[Data records]
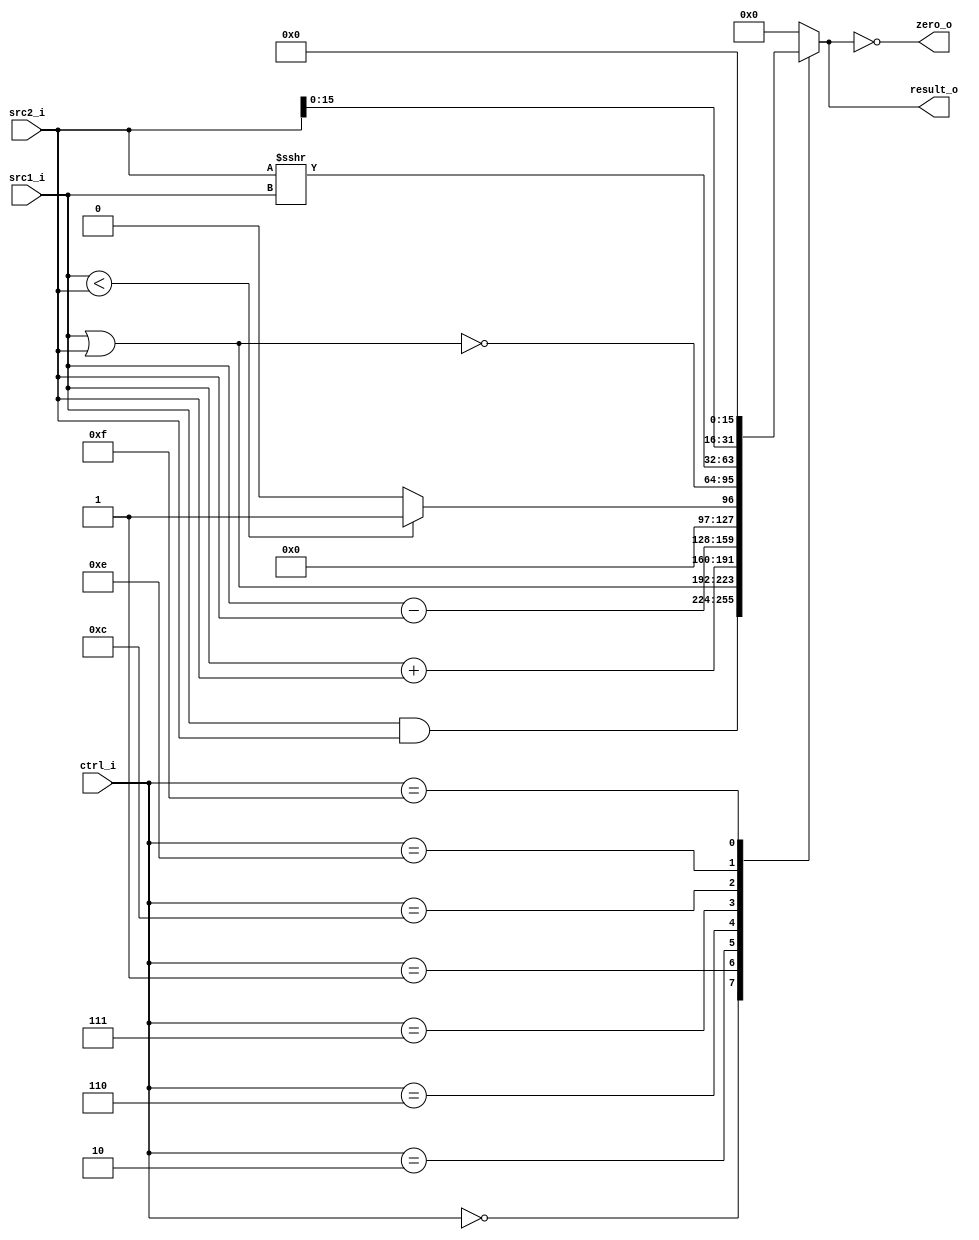
//Subject:     CO project 2 - ALU
//--------------------------------------------------------------------------------
//Version:     1
//--------------------------------------------------------------------------------
//Writer:      
//----------------------------------------------
//Date:        
//----------------------------------------------
//Description: 
//--------------------------------------------------------------------------------

module ALU(
    src1_i,
    src2_i,
    ctrl_i,
    result_o,
    zero_o
    );
     
//I/O ports
input [32-1:0]       src1_i;
input [32-1:0]       src2_i;
input [4-1:0]        ctrl_i;

output [32-1:0]      result_o;
output               zero_o;

//Internal signals
wire signed [32-1:0] src1_i_signed;
wire signed [32-1:0] src2_i_signed;
reg [32-1:0]         result_o;
wire                 zero_o;

assign src1_i_signed = src1_i;
assign src2_i_signed = src2_i;

assign zero_o = (result_o == 0);

//Parameter

//Main function
always @(*) begin
    case (ctrl_i)
        0: result_o = src1_i & src2_i;
        1: result_o = src1_i | src2_i;
        2: result_o = src1_i + src2_i;
        6: result_o = src1_i - src2_i;
        7: result_o = src1_i < src2_i ? 1 : 0;
        12: result_o = ~(src1_i | src2_i);
        14: result_o = src2_i_signed >>> src1_i_signed;
        15: result_o = src2_i << 16;
        default: result_o = 0;
    endcase
end

endmodule

Work instructions: Which lines of the data hold the string "input"? Return each of them.

Output below:
input [32-1:0]       src1_i;
input [32-1:0]       src2_i;
input [4-1:0]        ctrl_i;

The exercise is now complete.